On October 5, 2012, CMS released a number of draft Medicaid drug pricing files and related documents for review and comment. Among other things, CMS has posted the June 2012 and July 2012 draft average manufacturer price (AMP)-based Medicaid federal upper limit (FUL) files.  Based on comments that month-to-month fluctuations in the AMP-based FULs “may create problems for pharmacies because they will be unable to predict resulting state reimbursement rates,” CMS has developed a draft three-month rolling average FUL file consisting of the weighted average of the current and two previous monthly draft AMP-based FULs. CMS is posting these draft files, and the draft methodology used to calculate the draft three-month rolling average FUL, for review and comment only. While CMS expects three-month rolling average FULs to fluctuate less than monthly FULs, CMS observes that “the draft three-month rolling average FULs incorporates pricing data older than the current monthly pricing that may be less reflective of pharmacies’ current purchase prices.” CMS is accepting comments on the monthly and three-month rolling average draft AMP-based FULs and the methodologies used to calculate them.
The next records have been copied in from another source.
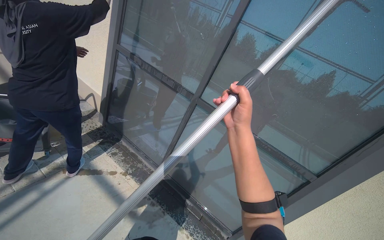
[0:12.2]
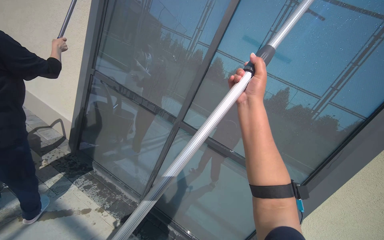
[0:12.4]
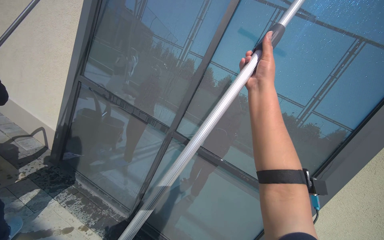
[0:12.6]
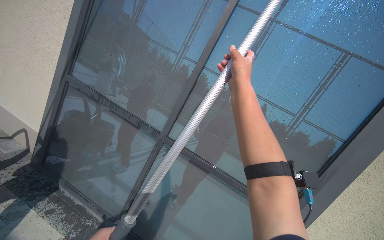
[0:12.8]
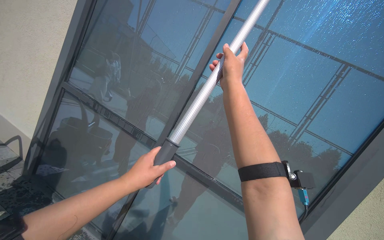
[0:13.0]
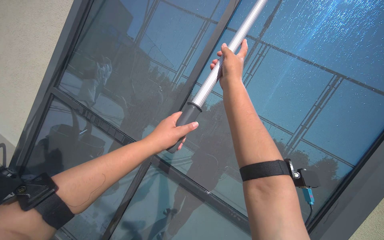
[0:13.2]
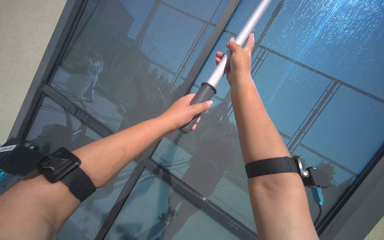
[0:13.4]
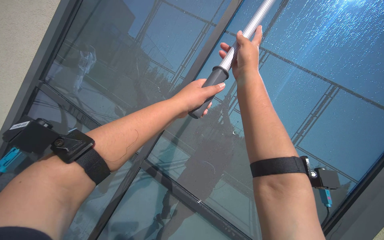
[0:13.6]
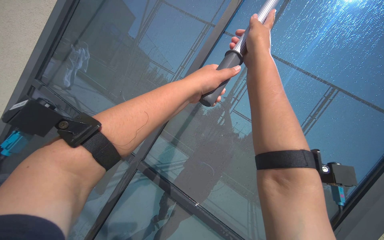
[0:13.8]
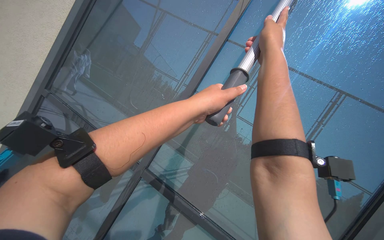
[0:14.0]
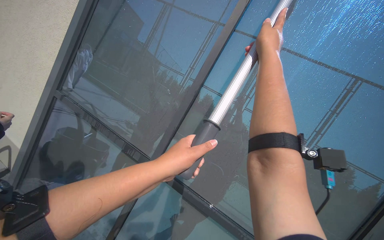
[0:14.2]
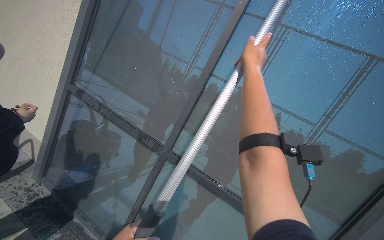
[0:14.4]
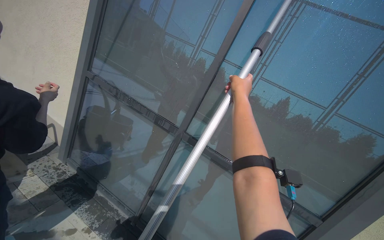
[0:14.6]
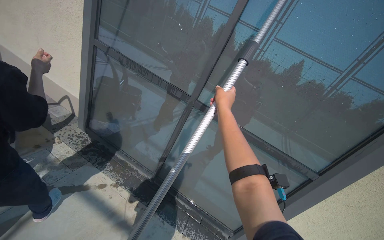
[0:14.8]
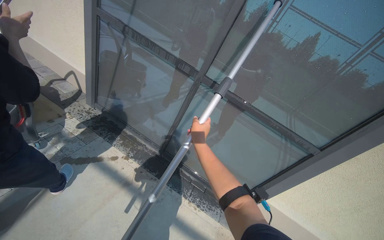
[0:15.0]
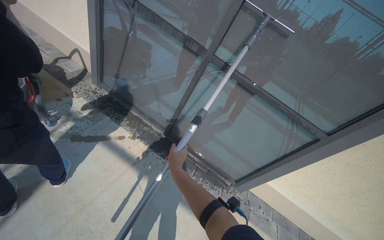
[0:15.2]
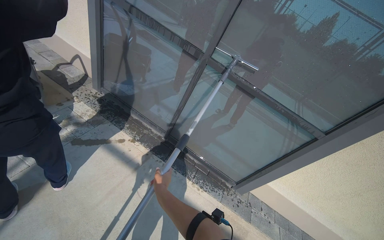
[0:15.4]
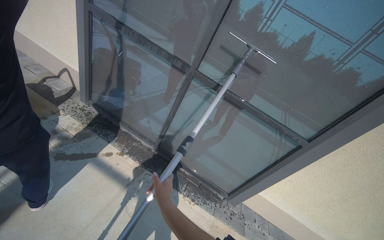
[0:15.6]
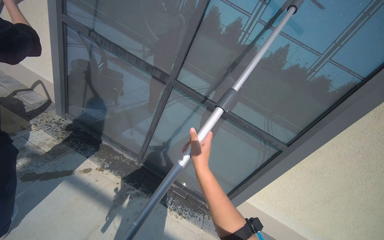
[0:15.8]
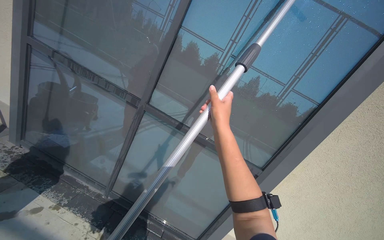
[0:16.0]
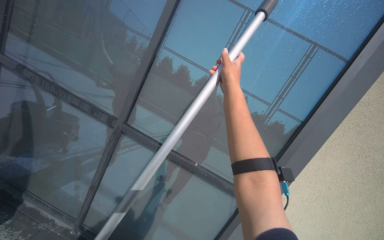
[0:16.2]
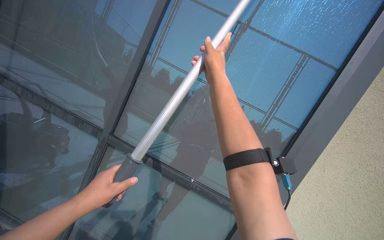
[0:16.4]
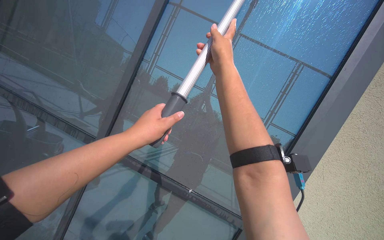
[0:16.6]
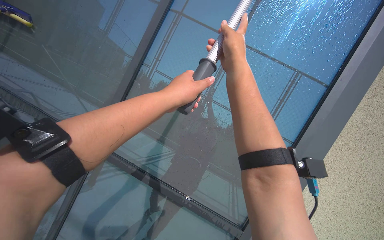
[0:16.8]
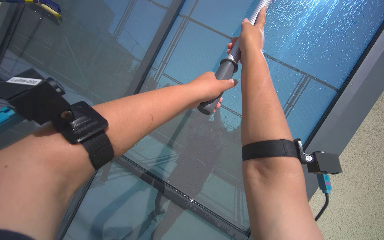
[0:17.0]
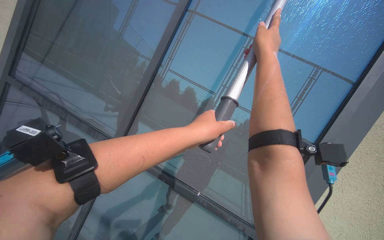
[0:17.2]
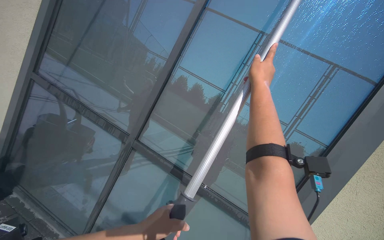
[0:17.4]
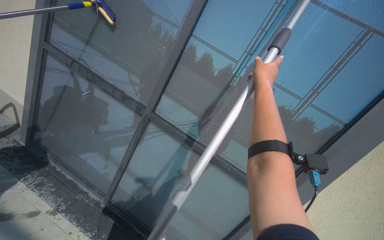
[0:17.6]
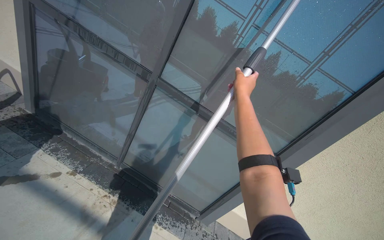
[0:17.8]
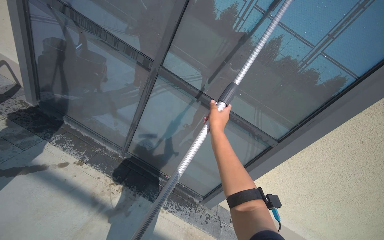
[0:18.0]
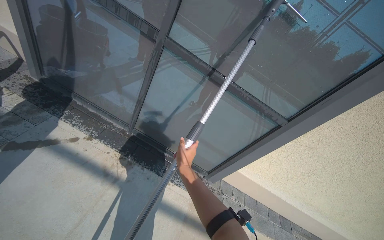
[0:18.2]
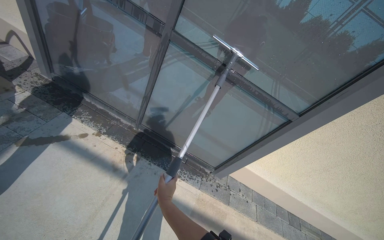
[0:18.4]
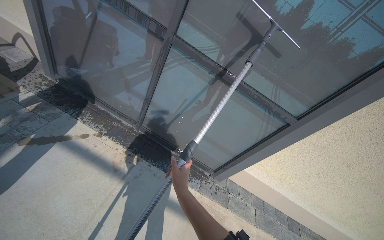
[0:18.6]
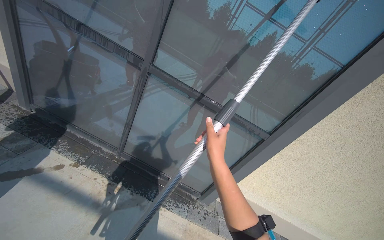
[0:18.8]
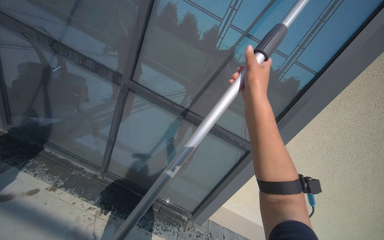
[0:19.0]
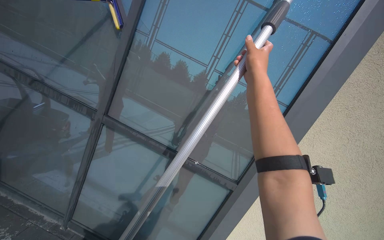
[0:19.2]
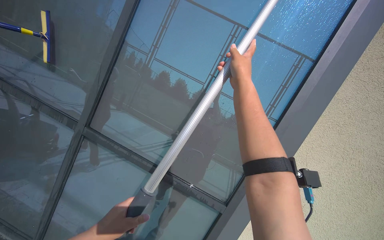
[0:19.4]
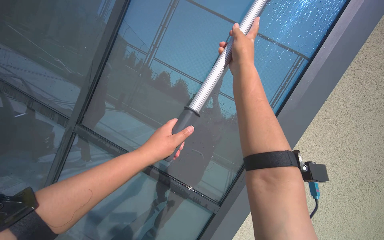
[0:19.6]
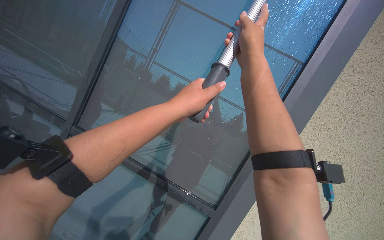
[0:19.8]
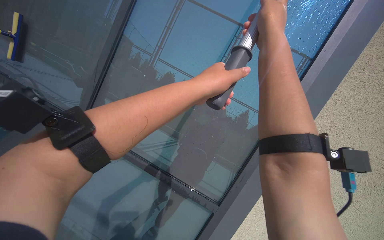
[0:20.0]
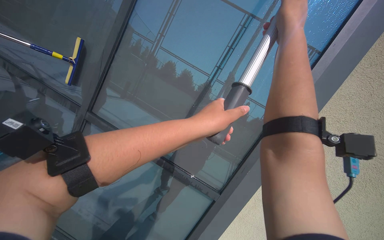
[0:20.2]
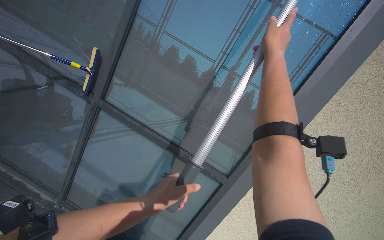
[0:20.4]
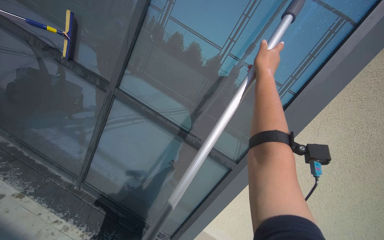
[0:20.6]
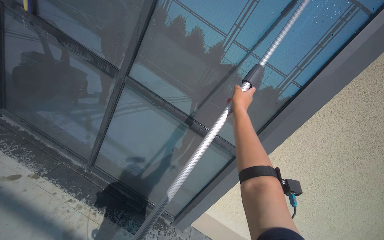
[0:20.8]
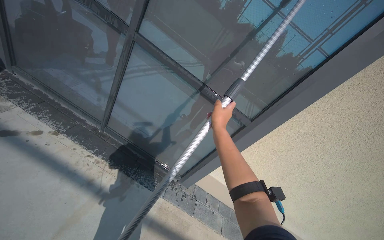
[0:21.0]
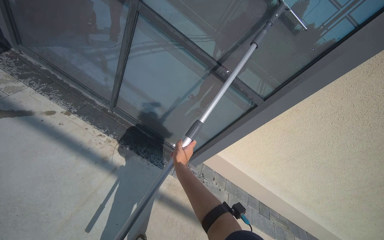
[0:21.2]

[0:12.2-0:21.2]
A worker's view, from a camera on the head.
Job: wiping surfaces.
The whole recording: Cleaning glass window with squeegee. The worker cleans the glass window using a squeegee, then a long pole with a squeegee attachment.
0:12.2 to 0:13.8: The view swings roughly 20 degrees to the right. The wearer looks about 20 degrees further upward. The right hand moves up the picture, roughly 40 cm.
0:13.8 to 0:15.2: The view tilts roughly 35 degrees downward.
0:15.2 to 0:16.6: The camera is carried about 40 cm. The camera is aimed approximately 20 degrees further to the right. The wearer looks approximately 35 degrees further upward.
0:16.6 to 0:18.2: The wearer looks about 35 degrees further downward.
0:18.2 to 0:19.8: The wearer moves to the right, roughly 40 cm. The view tips upward by roughly 35 degrees.

CMS also released for comment draft National Average Retail Price (NARP) data, which reflects prices paid for drugs to retail community pharmacies for individuals with Medicaid, cash paying customers, and those with certain third party insurance. CMS expects the reference pricing to assist states in comparing their current pricing policies to that reflected in the draft NARP. In addition, CMS has posted for comment draft National Average Drug Acquisition Cost (NADAC) data, which is based on a voluntary survey of pharmacy invoices, and a draft Monthly New Drug Report that shows newly marketed single source drugs that are currently generally available through wholesalers. CMS states that after it considers comments on all of these files (a comment deadline is not specified), the agency plans to release these data files in final form, with updated files posted on at least a monthly basis. States can use the monthly AMP-based FUL, or the three-month rolling average FUL, once finalized, to develop a pharmacy reimbursement methodology that will allow their pharmacy payments to remain within the FUL in the aggregate. CMS points out that any state that wants to change its pharmacy reimbursement methodology must submit a state plan amendment to CMS for review and approval.